Each line from the one containing "#765 = VECTOR('',#766,1.);" through the last line of the records below is to be set down exactly; the rest stays out.
─── Data for review
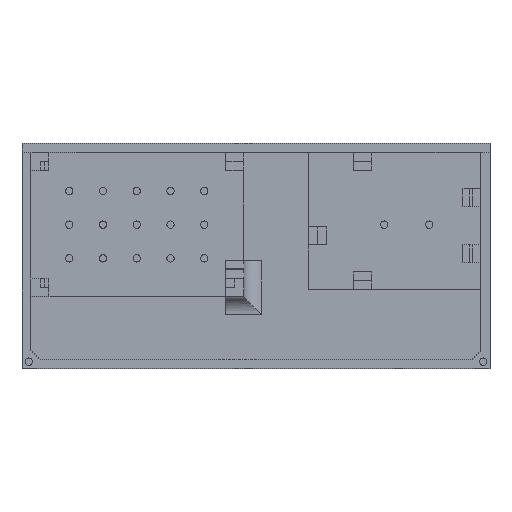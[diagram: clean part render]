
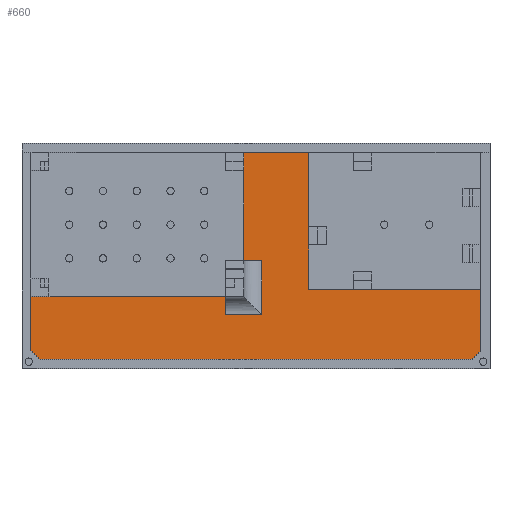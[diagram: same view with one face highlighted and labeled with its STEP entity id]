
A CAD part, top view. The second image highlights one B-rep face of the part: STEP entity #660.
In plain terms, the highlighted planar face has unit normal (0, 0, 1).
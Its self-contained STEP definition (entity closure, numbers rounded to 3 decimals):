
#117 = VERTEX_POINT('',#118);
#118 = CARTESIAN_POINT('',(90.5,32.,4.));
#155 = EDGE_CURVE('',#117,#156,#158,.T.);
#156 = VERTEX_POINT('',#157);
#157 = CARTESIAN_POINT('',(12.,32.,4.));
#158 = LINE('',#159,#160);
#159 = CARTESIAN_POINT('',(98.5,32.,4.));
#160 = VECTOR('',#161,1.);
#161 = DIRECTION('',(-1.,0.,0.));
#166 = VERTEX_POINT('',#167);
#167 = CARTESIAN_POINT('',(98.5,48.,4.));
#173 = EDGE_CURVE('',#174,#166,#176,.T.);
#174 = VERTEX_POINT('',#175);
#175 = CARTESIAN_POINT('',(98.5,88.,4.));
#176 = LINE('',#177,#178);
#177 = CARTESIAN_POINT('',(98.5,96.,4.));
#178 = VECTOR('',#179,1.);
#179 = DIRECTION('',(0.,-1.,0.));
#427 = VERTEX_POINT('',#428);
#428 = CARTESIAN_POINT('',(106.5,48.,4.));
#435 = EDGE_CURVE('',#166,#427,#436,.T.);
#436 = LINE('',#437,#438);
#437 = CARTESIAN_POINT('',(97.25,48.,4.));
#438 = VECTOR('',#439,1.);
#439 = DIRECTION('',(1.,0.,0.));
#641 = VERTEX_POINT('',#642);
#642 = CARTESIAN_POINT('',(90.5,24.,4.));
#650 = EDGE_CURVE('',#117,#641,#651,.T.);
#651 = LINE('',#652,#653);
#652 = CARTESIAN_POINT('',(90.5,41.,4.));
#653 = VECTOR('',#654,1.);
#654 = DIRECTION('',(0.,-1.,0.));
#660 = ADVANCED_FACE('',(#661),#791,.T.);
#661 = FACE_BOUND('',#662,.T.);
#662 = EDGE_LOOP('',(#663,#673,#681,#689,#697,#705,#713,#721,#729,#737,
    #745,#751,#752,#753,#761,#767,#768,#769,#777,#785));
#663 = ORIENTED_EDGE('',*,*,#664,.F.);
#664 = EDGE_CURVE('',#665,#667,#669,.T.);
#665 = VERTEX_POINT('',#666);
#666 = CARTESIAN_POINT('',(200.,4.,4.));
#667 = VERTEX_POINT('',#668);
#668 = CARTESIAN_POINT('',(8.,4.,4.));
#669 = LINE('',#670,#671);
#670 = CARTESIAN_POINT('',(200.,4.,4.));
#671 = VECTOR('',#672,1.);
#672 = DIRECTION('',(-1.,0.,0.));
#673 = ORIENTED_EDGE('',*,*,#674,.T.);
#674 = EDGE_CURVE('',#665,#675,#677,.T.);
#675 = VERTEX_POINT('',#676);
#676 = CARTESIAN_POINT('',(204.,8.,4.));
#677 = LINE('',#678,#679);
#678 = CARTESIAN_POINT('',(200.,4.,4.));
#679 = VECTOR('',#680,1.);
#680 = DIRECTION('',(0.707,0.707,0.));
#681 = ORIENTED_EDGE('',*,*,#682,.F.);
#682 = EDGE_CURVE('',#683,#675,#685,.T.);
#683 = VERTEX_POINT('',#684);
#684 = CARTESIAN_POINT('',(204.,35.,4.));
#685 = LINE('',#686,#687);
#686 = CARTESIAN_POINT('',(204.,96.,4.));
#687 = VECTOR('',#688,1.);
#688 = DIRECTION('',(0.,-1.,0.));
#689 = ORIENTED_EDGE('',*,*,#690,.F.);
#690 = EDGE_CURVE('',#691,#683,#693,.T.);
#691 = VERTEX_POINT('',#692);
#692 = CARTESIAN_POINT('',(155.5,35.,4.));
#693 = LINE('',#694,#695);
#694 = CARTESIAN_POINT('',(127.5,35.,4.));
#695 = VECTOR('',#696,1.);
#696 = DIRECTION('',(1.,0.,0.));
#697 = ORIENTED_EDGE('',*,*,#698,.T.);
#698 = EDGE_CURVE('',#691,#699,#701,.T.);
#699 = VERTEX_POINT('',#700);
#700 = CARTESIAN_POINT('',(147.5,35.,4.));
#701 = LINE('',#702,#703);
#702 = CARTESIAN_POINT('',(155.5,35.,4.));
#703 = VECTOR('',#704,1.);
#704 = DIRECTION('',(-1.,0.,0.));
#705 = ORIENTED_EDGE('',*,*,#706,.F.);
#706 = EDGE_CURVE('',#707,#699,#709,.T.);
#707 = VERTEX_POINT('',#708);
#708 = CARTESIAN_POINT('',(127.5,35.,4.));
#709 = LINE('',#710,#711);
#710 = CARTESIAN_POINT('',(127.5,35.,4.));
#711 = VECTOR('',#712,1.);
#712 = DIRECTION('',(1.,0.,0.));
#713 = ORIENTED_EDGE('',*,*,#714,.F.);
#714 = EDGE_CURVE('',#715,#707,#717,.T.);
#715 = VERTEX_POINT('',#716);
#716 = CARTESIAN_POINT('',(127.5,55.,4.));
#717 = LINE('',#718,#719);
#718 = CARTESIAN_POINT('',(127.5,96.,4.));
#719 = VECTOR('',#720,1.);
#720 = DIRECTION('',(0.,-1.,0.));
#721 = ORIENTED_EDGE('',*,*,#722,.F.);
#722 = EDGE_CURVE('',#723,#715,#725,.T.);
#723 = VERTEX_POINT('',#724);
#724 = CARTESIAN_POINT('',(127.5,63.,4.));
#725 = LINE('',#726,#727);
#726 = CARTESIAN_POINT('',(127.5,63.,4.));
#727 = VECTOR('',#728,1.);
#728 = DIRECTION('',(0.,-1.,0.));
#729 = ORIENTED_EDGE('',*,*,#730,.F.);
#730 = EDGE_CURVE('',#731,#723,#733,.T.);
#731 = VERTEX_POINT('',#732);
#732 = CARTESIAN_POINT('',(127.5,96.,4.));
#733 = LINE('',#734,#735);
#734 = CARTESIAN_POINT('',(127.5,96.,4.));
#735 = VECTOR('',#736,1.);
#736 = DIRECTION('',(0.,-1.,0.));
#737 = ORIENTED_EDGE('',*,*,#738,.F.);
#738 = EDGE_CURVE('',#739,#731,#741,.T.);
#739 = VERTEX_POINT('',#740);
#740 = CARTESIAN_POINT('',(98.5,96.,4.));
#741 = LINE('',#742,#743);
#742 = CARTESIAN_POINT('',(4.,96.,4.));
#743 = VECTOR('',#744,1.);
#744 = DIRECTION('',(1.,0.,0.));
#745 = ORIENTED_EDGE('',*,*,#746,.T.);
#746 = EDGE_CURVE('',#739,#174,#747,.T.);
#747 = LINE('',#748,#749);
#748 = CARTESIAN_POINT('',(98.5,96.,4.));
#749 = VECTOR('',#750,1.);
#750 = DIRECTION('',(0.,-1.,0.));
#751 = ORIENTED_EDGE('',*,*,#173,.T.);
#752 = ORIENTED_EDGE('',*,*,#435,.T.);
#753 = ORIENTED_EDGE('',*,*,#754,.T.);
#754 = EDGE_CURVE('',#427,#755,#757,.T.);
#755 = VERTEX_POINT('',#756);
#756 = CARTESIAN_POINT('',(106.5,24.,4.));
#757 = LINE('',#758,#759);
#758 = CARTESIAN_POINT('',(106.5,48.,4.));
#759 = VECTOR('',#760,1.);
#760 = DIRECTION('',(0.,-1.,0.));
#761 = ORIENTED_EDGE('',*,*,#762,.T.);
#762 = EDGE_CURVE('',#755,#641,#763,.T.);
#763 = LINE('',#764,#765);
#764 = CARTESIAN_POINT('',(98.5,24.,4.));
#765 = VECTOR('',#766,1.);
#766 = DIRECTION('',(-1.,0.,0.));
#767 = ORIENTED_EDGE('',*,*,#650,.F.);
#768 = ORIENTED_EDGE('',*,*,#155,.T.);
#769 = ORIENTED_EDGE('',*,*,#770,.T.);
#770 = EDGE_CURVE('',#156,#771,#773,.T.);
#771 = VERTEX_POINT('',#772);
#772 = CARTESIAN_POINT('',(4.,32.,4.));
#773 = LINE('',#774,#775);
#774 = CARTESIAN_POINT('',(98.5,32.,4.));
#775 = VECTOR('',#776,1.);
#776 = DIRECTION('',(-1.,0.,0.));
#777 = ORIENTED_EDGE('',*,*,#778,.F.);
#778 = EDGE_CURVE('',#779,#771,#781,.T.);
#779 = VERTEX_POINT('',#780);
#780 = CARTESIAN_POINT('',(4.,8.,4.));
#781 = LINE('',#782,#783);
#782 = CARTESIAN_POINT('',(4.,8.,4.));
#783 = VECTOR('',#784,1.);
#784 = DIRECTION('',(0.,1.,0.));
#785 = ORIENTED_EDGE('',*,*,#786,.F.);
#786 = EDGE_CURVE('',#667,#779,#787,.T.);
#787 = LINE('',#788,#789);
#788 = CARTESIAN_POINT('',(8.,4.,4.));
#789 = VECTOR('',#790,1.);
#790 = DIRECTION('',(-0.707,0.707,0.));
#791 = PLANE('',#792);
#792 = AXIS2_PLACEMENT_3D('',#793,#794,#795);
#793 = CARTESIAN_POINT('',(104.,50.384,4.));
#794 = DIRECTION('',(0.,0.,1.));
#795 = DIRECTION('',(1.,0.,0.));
──────
→ Exercise result:
#765 = VECTOR('',#766,1.);
#766 = DIRECTION('',(-1.,0.,0.));
#767 = ORIENTED_EDGE('',*,*,#650,.F.);
#768 = ORIENTED_EDGE('',*,*,#155,.T.);
#769 = ORIENTED_EDGE('',*,*,#770,.T.);
#770 = EDGE_CURVE('',#156,#771,#773,.T.);
#771 = VERTEX_POINT('',#772);
#772 = CARTESIAN_POINT('',(4.,32.,4.));
#773 = LINE('',#774,#775);
#774 = CARTESIAN_POINT('',(98.5,32.,4.));
#775 = VECTOR('',#776,1.);
#776 = DIRECTION('',(-1.,0.,0.));
#777 = ORIENTED_EDGE('',*,*,#778,.F.);
#778 = EDGE_CURVE('',#779,#771,#781,.T.);
#779 = VERTEX_POINT('',#780);
#780 = CARTESIAN_POINT('',(4.,8.,4.));
#781 = LINE('',#782,#783);
#782 = CARTESIAN_POINT('',(4.,8.,4.));
#783 = VECTOR('',#784,1.);
#784 = DIRECTION('',(0.,1.,0.));
#785 = ORIENTED_EDGE('',*,*,#786,.F.);
#786 = EDGE_CURVE('',#667,#779,#787,.T.);
#787 = LINE('',#788,#789);
#788 = CARTESIAN_POINT('',(8.,4.,4.));
#789 = VECTOR('',#790,1.);
#790 = DIRECTION('',(-0.707,0.707,0.));
#791 = PLANE('',#792);
#792 = AXIS2_PLACEMENT_3D('',#793,#794,#795);
#793 = CARTESIAN_POINT('',(104.,50.384,4.));
#794 = DIRECTION('',(0.,0.,1.));
#795 = DIRECTION('',(1.,0.,0.));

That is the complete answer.